| HN Mirror

Y	Hacker News new \| ask \| show \| jobs

by SigmundA 147 days ago

Ah yes so Microsoft and Oracle do these things for no good reason, you are the one making unsubstantiated claims such as "you can't do much better". And "You simply can't decide what plan you need to use based on the query and its parameters alone" which is mostly what those systems do (along with statistics). If you bothered to read what I linked you could see exactly how they are doing it.

I never said it was simple, in fact I said how primitive PG is compared to the "big boys" because they put huge effort into making their systems fast back in the TPS wars of the early 2000's on much slower hardware.

>Prepared statements != cached execution plans

Thats exactly what a prepared statement is:

https://en.wikipedia.org/wiki/Prepared_statement

1 comments

vladich 147 days ago

There are reasons for that, it's useful in a very narrow set of situations. Postgres cached plans exist for the same reason. If you're claiming Oracle and MSSQL do _much_ better in this area - that's what I call unsubstantiated. From what you write further it's pretty clear you don't have a lot of understanding what happens under the hood. And no, prepared statements are not what you read in Wikipedia. Not in all databases anyway. Go read it somewhere else.

link

SigmundA 147 days ago

>There are reasons for that, it's useful in a very narrow set of situations.

So narrow its enabled by default for all statements from the "big boy" commercial RDBMS's...

https://www.ibm.com/docs/en/i/7.4.0?topic=overview-plan-cach...

https://docs.oracle.com/en/database/oracle/oracle-database/1...

https://learn.microsoft.com/en-us/sql/relational-databases/p...

https://help.sap.com/docs/SAP_HANA_PLATFORM/6b94445c94ae495c...

>Postgres cached plans exist for the same reason.

Postgresql doesn't cache plans unless the client explicitly sends commands to do so. Applications cannot take advantage of this unless they keep connections open and reuse them in a pool and they must mange this themselves. The plan has to be planned for every separate connection/process rather than a single cached planed increasing server memory costs which are plan cache size X number of connections.

It has no "reason" to cache plans the client must do this using its "reasons".

>If you're claiming Oracle and MSSQL do _much_ better in this area - that's what I call unsubstantiated.

You are making all sorts of claims without nary a link to back it up. Are you suggestion PG does better than MSSQL, Oracle and DB2 in planning while be constrained to replan on every single statement? The PG planner is specifically kept simple so that it is fast at its job, not thorough or it would adversely effect execution time more than it already does, this is well documented and always a concern when new features are proposed for it.

>From what you write further it's pretty clear you don't have a lot of understanding what happens under the hood.

Sticks and stones, is that all you have how about something substantial.

> And no, prepared statements are not what you read in Wikipedia. Not in all databases anyway.

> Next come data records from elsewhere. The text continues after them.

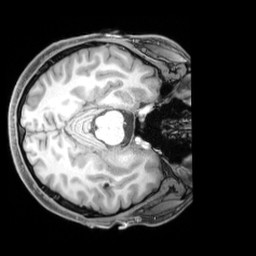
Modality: T1w
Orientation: axial
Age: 25
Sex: male
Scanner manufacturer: siemens
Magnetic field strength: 3 T
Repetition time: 1.97 s
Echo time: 0.00206 s
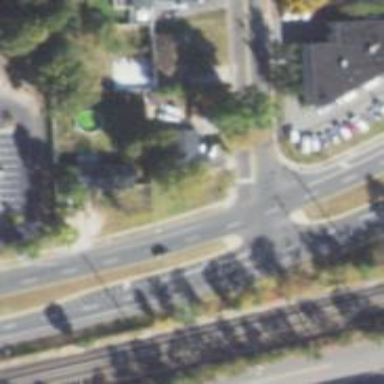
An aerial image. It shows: Marked crossing on the road.
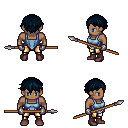
a pixel art fantasy rpg character, male body template, human, dark skin, blue vest, gold greaves, raven short bangs hairstyle, metal gloves, maroon shoes, spear, four views (front, back, left, right), 2x2 character sprite sheet, small pixel art, hard edges, no anti-aliasing

Ok Mr. Unsubstantiated are we talking about PG or not? What does one use prepared statements for in PG hmmm, you know the thing you call the PG plan cache? How about something besides your claim that prepared statements are not in fact plan caches? Are you talking about completely different DB systems? How about you substantiate that?

link

vladich 146 days ago

https://www.postgresql.org/docs/current/runtime-config-query...

and then

https://www.postgresql.org/docs/current/sql-prepare.html

Read carefully about "plan_cache_mode" and how it works (and its default settings). Sorry, that's my last message in this thread, and I'm still here just for educational purposes, because what you're talking about is in fact a common misconception. If you read it carefully, you'll see that generic plans do not require any "explicit commands", Postgres executes a query 5 times in custom mode, then tries a generic one, if it worked (not much worse than an average of 5 custom plans), the plan is cached. You can turn it off though. And I'd recommend to turn it off for most cases, because it's a pretty bad heuristics. Nevertheless, for some (pretty narrow set of) cases it's useful.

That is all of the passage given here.